Laszlo Bock of Google says its study found that a boss’s technical expertise was less important than “being accessible. |
IN early 2009, statisticians inside the Googleplex here embarked on a plan code-named Project Oxygen.
Their mission was to devise something far more important to the future of Google Inc. than its next search algorithm or app.
They wanted to build better bosses.
So, as only a data-mining giant like Google can do, it began analyzing performance reviews, feedback surveys and nominations for top-manager awards. They correlated phrases, words, praise and complaints.
Later that year, the “people analytics” teams at the company produced what might be called the Eight Habits of Highly Effective Google Managers.
Now, brace yourself. Because the directives might seem so forehead-slappingly obvious — so, well, duh — it’s hard to believe that it took the mighty Google so long to figure them out:
“Have a clear vision and strategy for the team.”
“Help your employees with career development.”
“Don’t be a sissy: Be productive and results-oriented.”
The list goes on, reading like a whiteboard gag from an episode of “The Office.”
“My first reaction was, that’s it?” says Laszlo Bock, Google’s vice president for “people operations,” which is Googlespeak for human resources.
But then, Mr. Bock and his team began ranking those eight directives by importance. And this is where Project Oxygen gets interesting.
For much of its 13-year history, particularly the early years, Google has taken a pretty simple approach to management: Leave people alone. Let the engineers do their stuff. If they become stuck, they’ll ask their bosses, whose deep technical expertise propelled them into management in the first place.
But Mr. Bock’s group found was that technical expertise — the ability, say, to write computer code in your sleep — ranked dead last among Google’s big eight. What employees valued most were even-keeled bosses who made time for one-on-one meetings, who helped people puzzle through problems by asking questions, not dictating answers, and who took an interest in employees’ lives and careers.
“In the Google context, we’d always believed that to be a manager, particularly on the engineering side, you need to be as deep or deeper a technical expert than the people who work for you,” Mr. Bock says. “It turns out that that’s absolutely the least important thing. It’s important, but pales in comparison. Much more important is just making that connection and being accessible.”
Project Oxygen doesn’t fit neatly into the usual Google story line of hits (like its search engine) and misses (like the start last year of Buzz, its stab at social networking). Management is much squishier to analyze, after all, and the topic often feels a bit like golf. You can find thousands of tips and rules for how to become a better golfer, and just as many for how to become a better manager. Most of them seem to make perfect sense.
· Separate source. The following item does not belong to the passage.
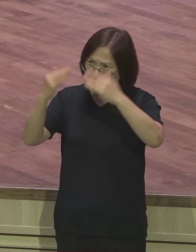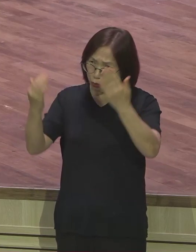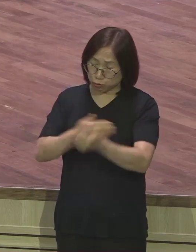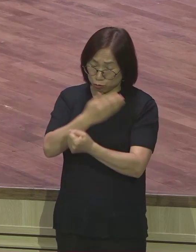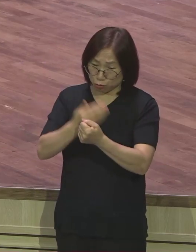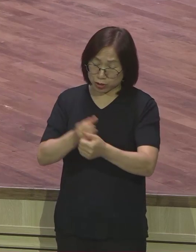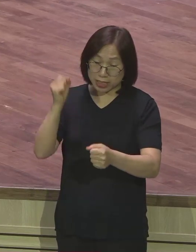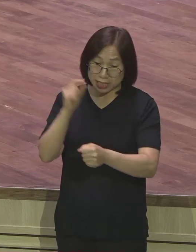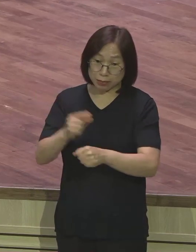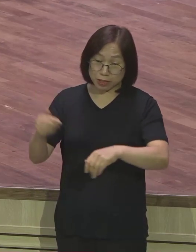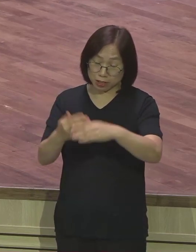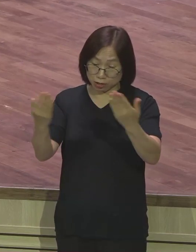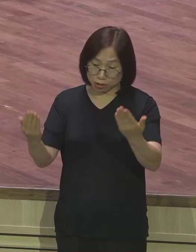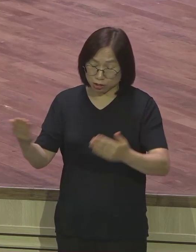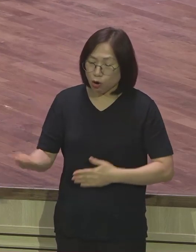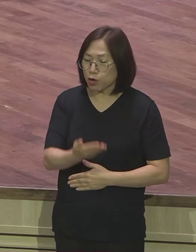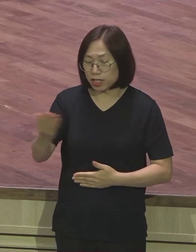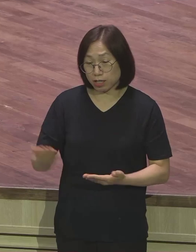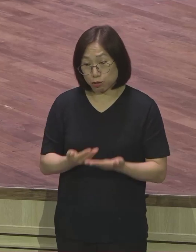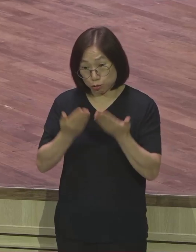주었다 그러므로 너희는 가라 얘기하는 거죠

Problems start when you try to keep all those rules in your head at the same time — thus the golf cliché, “paralysis by analysis.” In management, as in golf, the greats make it all look effortless, which only adds to the sense of mystery and frustration for those who struggle to get better.
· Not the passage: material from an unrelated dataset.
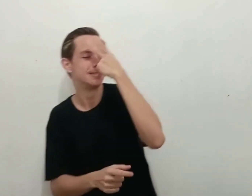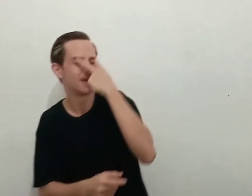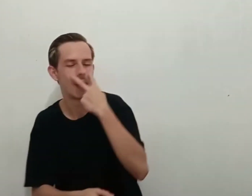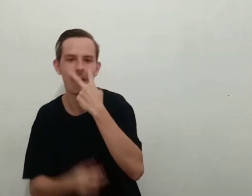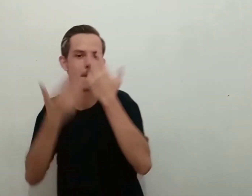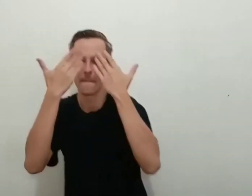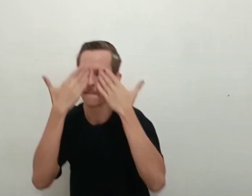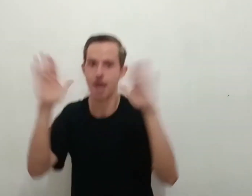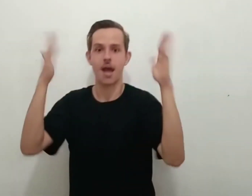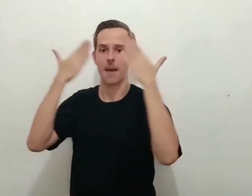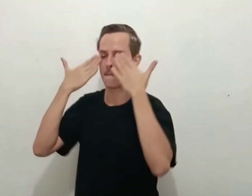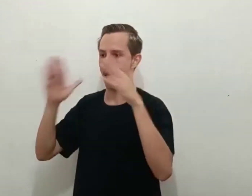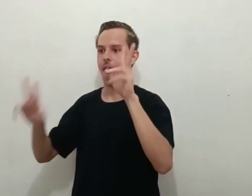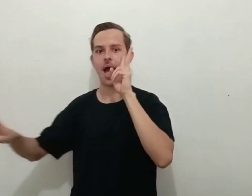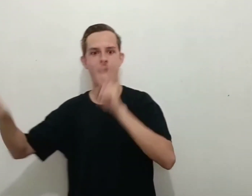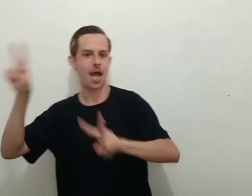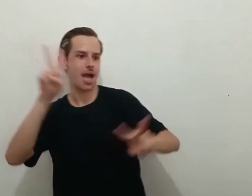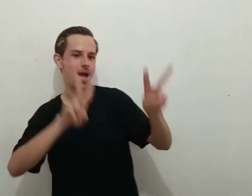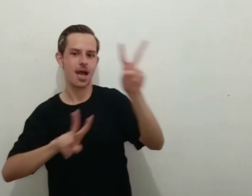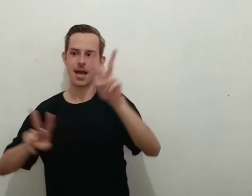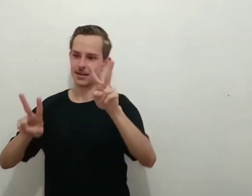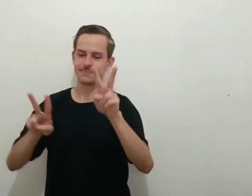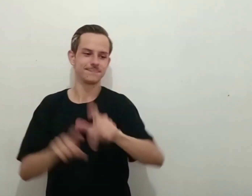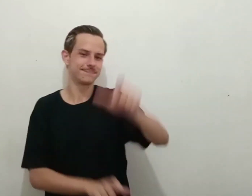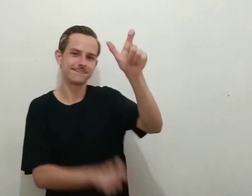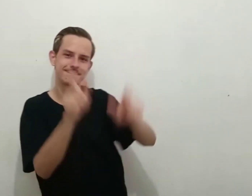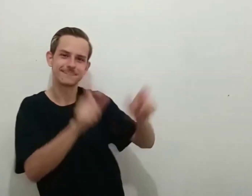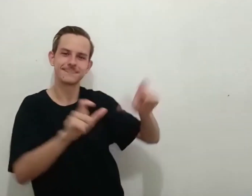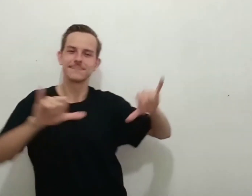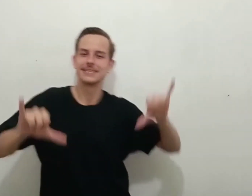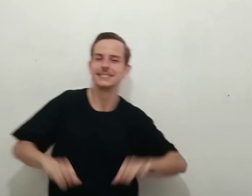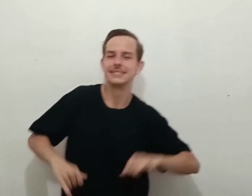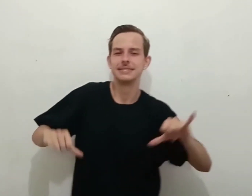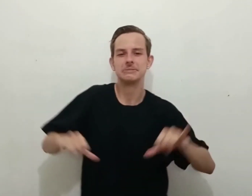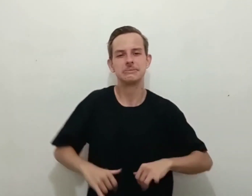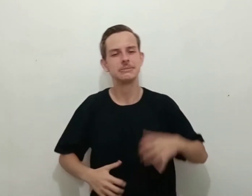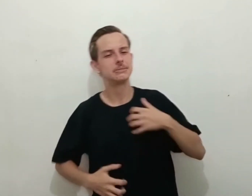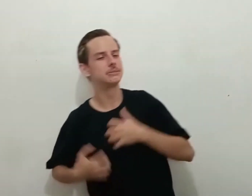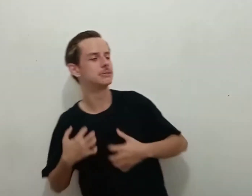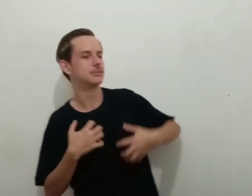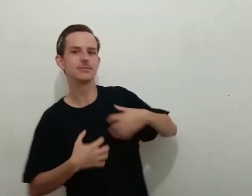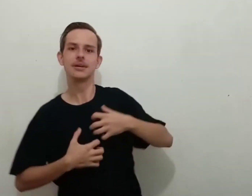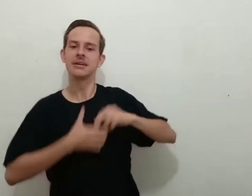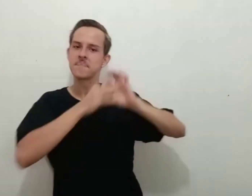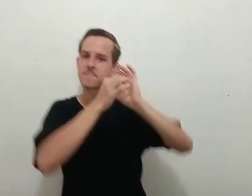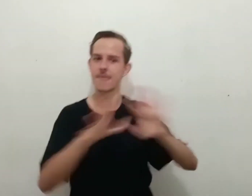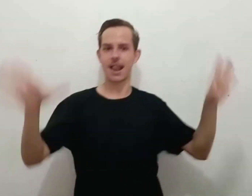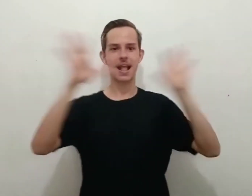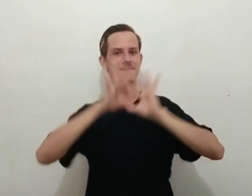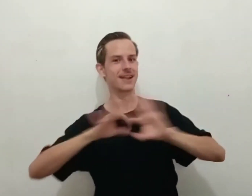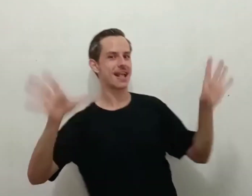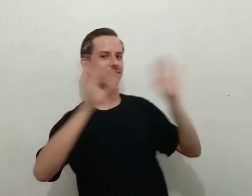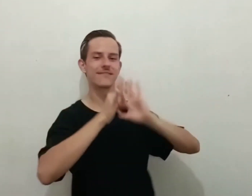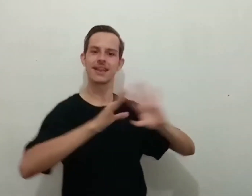e aos cegos A recuperação da vista Para

That caveat aside, Project Oxygen is noteworthy for a few reasons, according to academics and experts in this field.
H.R. has long run on gut instincts more than hard data. But a growing number of companies are trying to apply a data-driven approach to the unpredictable world of human interactions.
“Google is really at the leading edge of that,” says Todd Safferstone, managing director of the Corporate Leadership Council of the Corporate Executive Board, who has a good perch to see what H.R. executives at more than 1,000 big companies are up to.
Project Oxygen is also unusual, Mr. Safferstone says, because it is based on Google’s own data, which means that it will feel more valid to those Google employees who like to scoff at conventional wisdom.
Many companies, he explained, adopt generic management models that tell people the roughly 20 things they should do as managers, without ranking those traits by importance. Those models often suffer “a lot of organ rejection” in companies, he added, because they are not presented with any evidence that they will make a difference, nor do they prioritize what matters.
“Most companies are better at exhorting you to be a great manager, rather than telling you how to be a great manager,” Mr. Safferstone says.